ANGLE's investment portfolio now contains ten companies. Whilst progress continues to be made across the portfolio, the most significant developments during the year have occurred in three of our 'High Potential Return' investments.  


1.    Aguru Images (rapid capture & recreation of photo-realistic images - 75% holding*)


The company has completed both its product development and also, as announced today, the successful first commercial sale to a major film maker in Los Angeles. The contract utilised Aguru's proprietary devices to measure faces, materials and objects for visual effects shots on a major feature film.  


Aguru's advanced capture technologies reduce the time, cost and complexity of pre-production, production and post-production rendering for simulations and interactive computer graphics. Aguru has exclusive rights to highly innovative technologies developed at the University of Southern California's Institute for Creative Technologies and New York University's Courant Institute as well as other rights. The company's target markets include visual effects in motion pictures, computer and video games, animation, and design - for improved renderings by interior, fashion, architectural and industrial designers.


Aguru is building the world's largest online library of stock shapes and textures, comparable to photographic image libraries. Aguru is also generating revenue and brand awareness by offering products and services that enable the capture, editing and application of real-world textured surfaces for use in 3D computer-generated imagery.

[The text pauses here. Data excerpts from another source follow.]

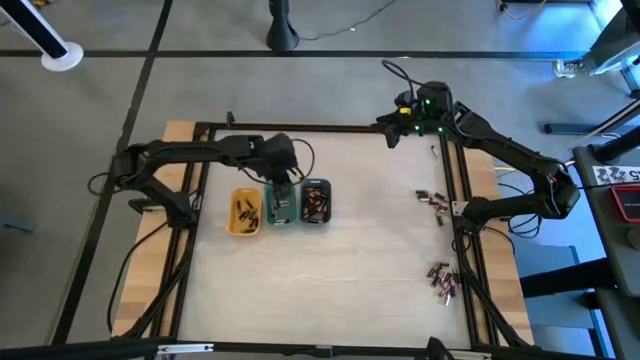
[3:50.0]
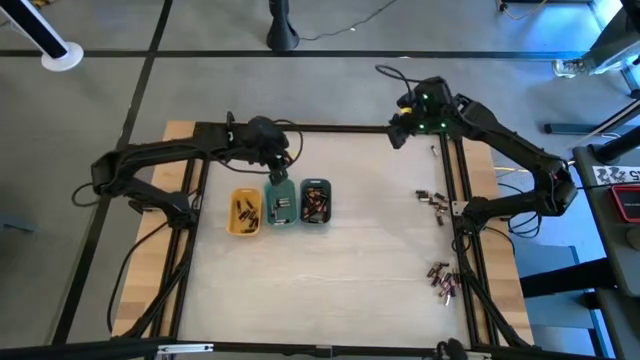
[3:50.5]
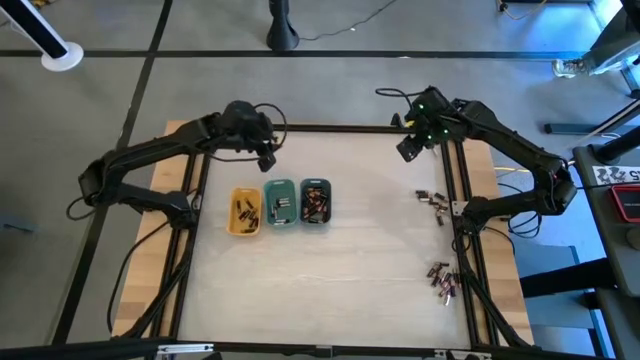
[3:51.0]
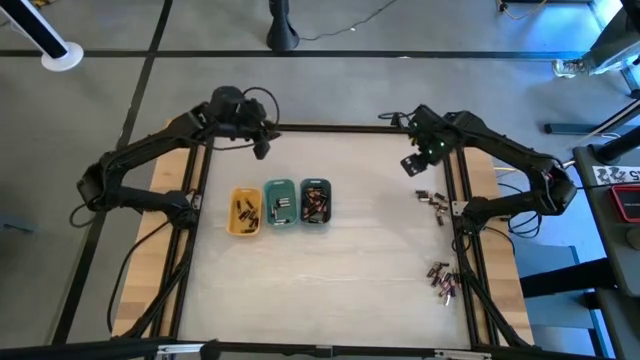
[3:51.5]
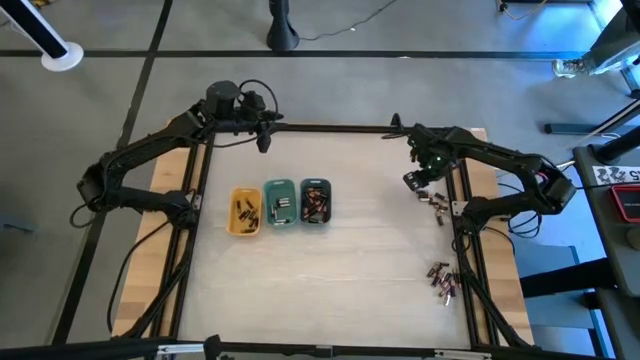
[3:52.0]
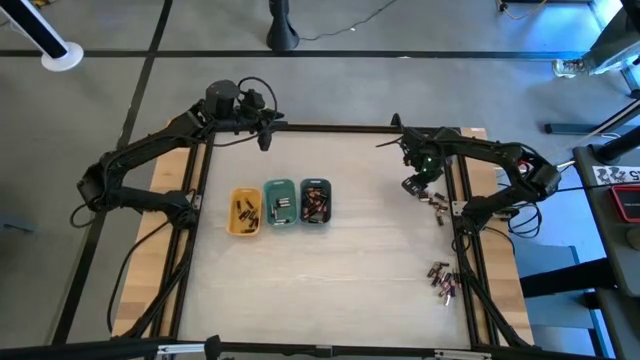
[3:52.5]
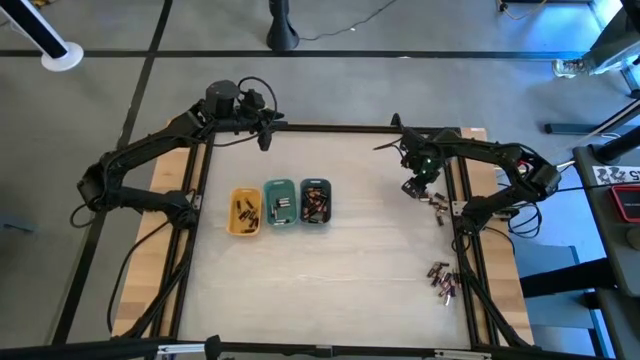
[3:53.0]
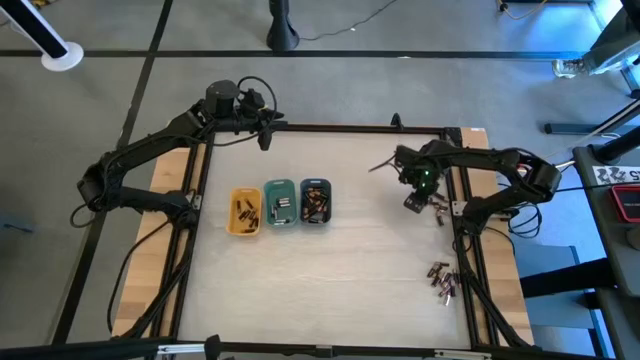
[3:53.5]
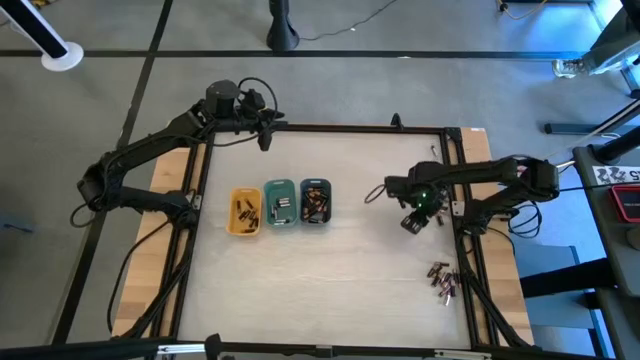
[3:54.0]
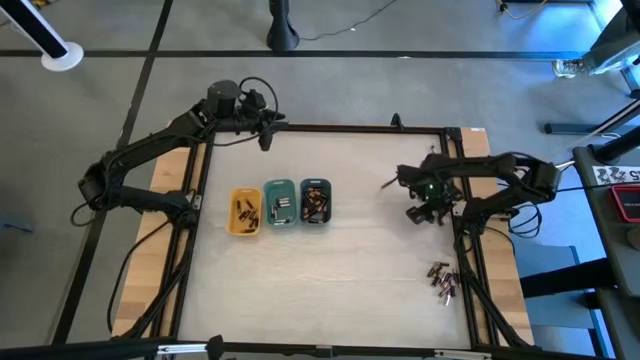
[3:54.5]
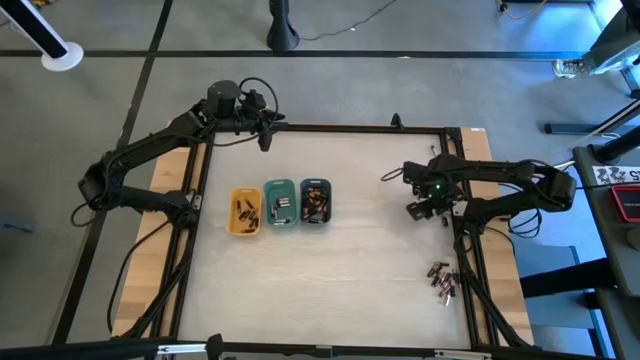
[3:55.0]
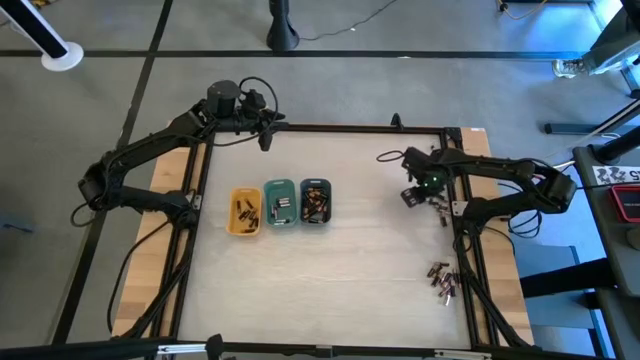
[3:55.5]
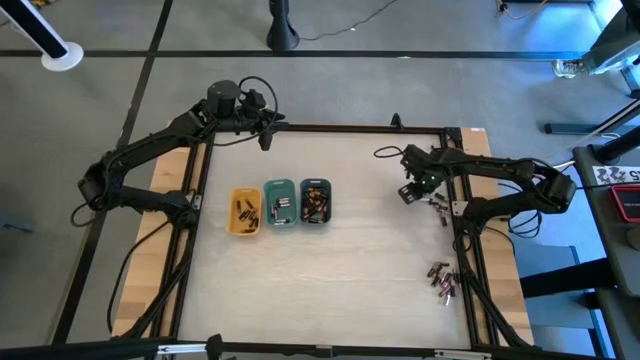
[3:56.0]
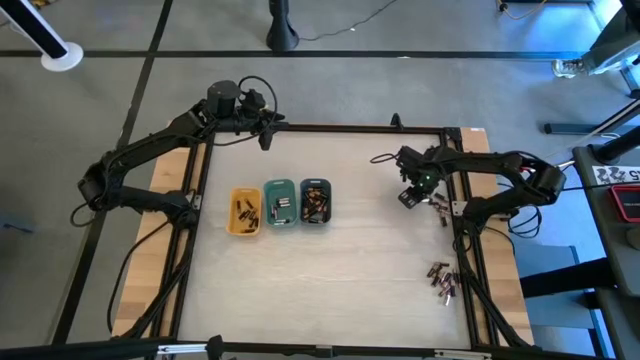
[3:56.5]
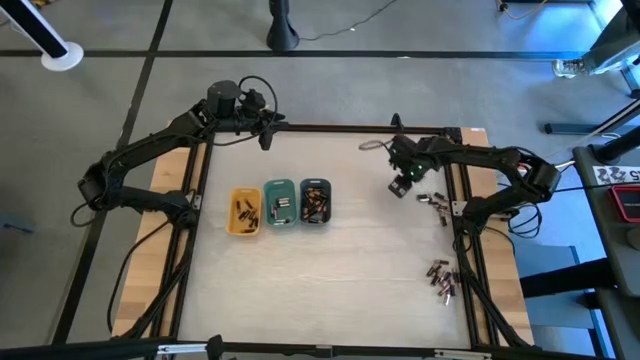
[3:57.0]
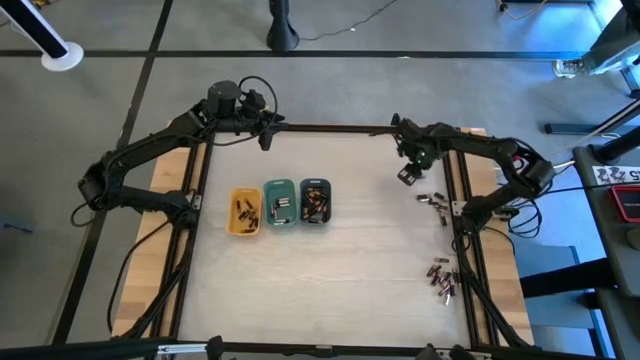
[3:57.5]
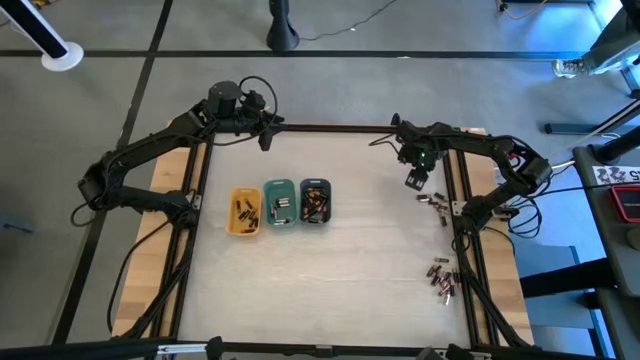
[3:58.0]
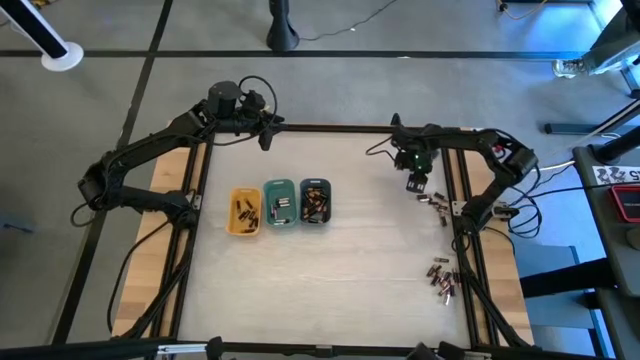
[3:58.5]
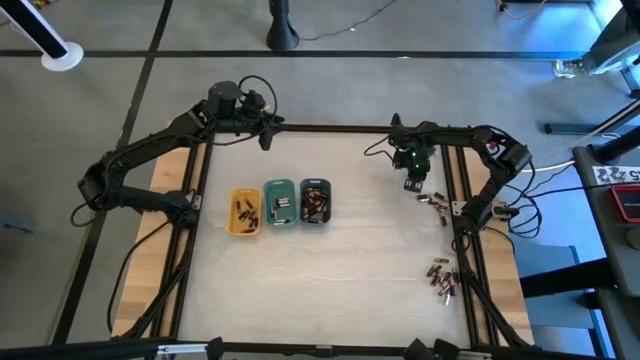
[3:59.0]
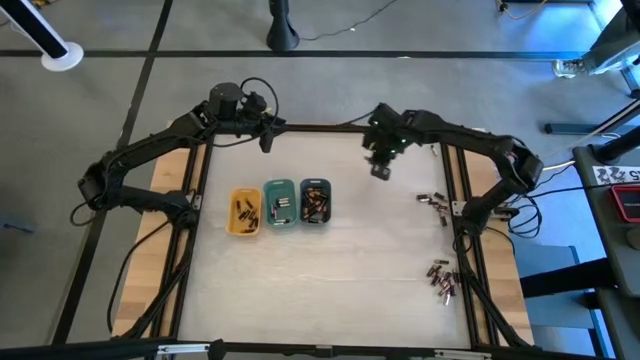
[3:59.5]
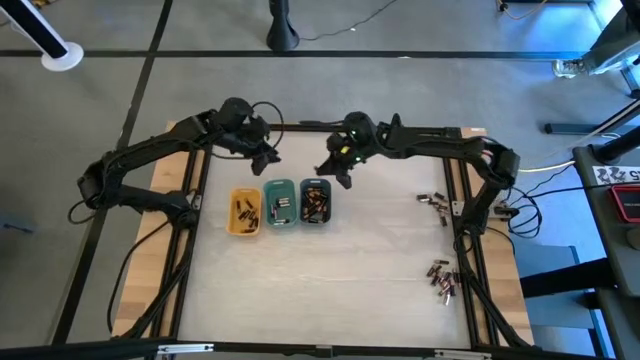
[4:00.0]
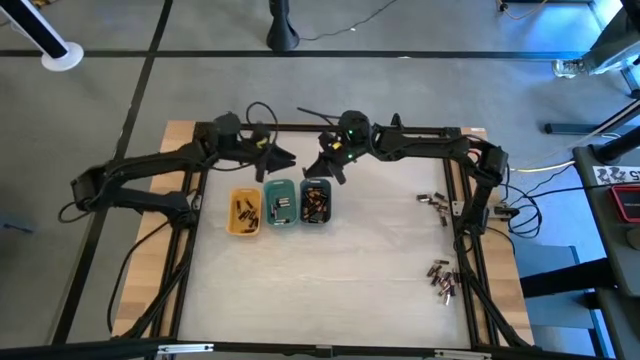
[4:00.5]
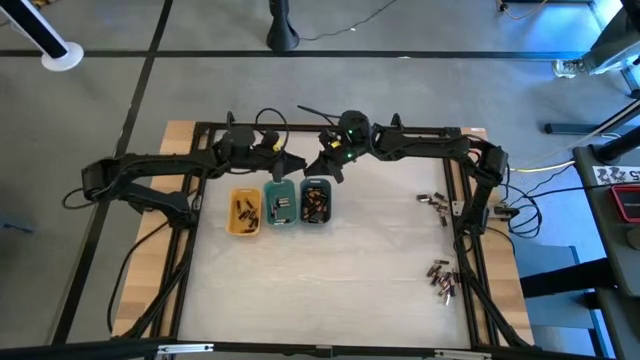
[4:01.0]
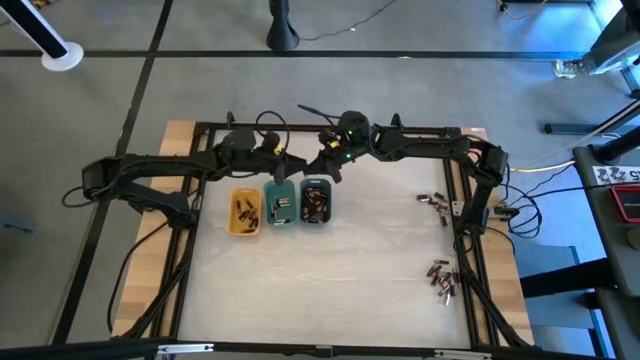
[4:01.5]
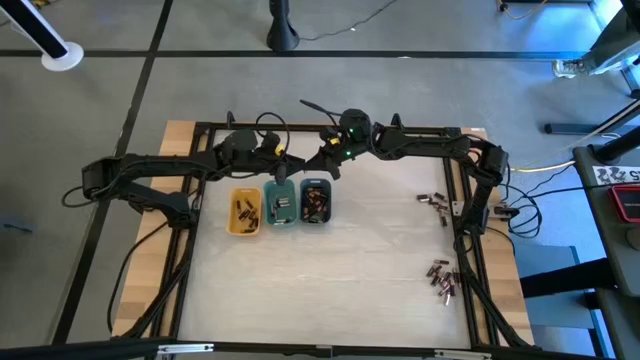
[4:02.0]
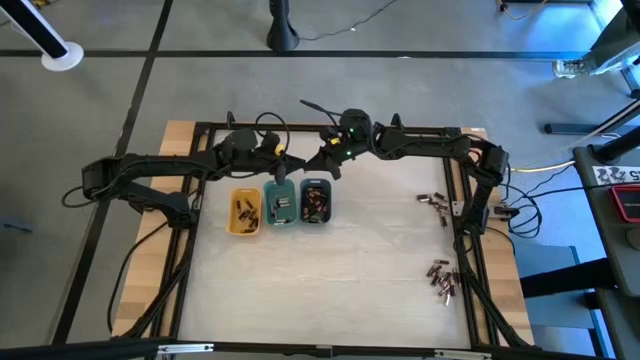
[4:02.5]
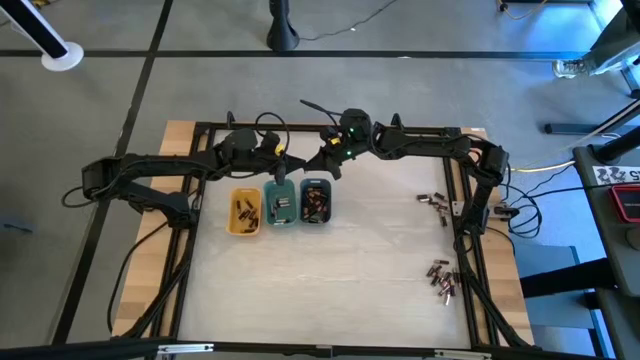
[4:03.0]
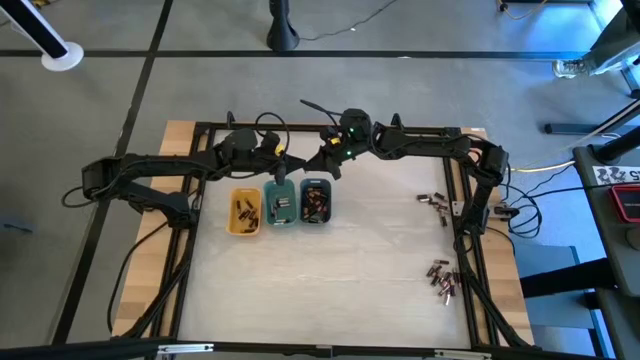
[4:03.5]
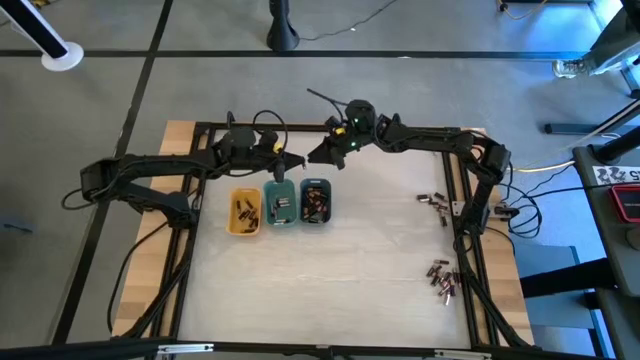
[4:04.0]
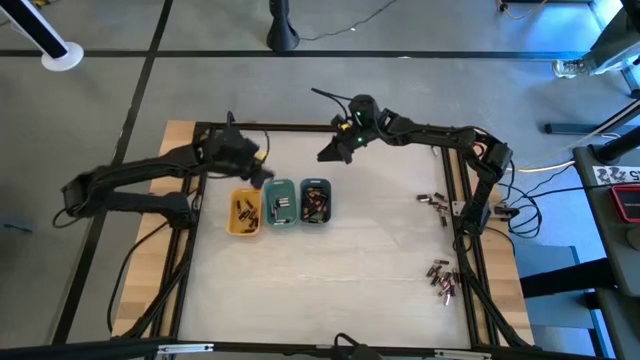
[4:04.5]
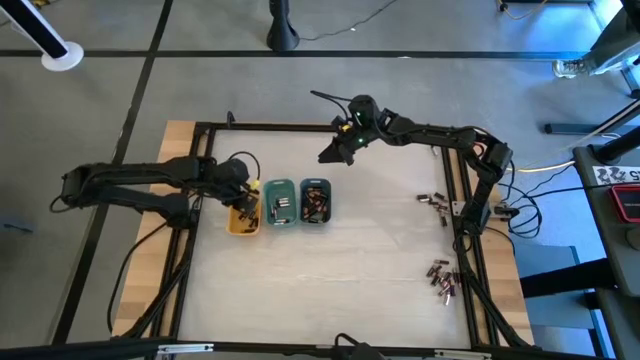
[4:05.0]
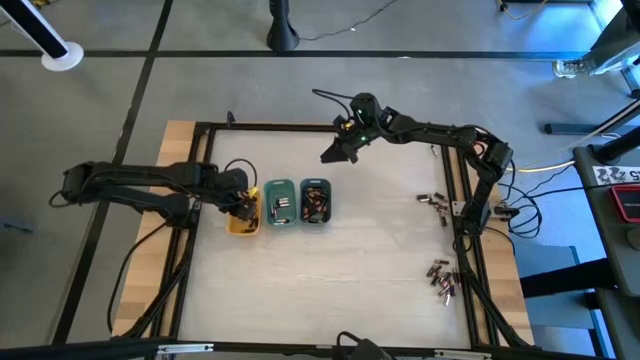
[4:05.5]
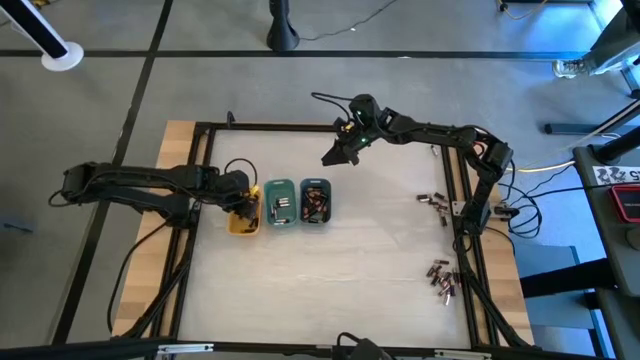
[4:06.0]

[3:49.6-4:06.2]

Aguru's first target market is the visual effects industry of over 500 films produced each year, where Aguru's facial image capture provides a photo-realistic result currently unattainable by other methods. Thereafter Aguru intends to expand into the computer games market and then sell products to over 50,000 architecture, interior design, fashion, industrial, online catalogue and advertising companies.


The company is supported by a world class Advisory Board comprising executives from Industrial Light & Magic, Digital Domain, Pixar, DreamWorks, RFX, Adobe, Autodesk, Electronic Arts, University of Southern California and New York University.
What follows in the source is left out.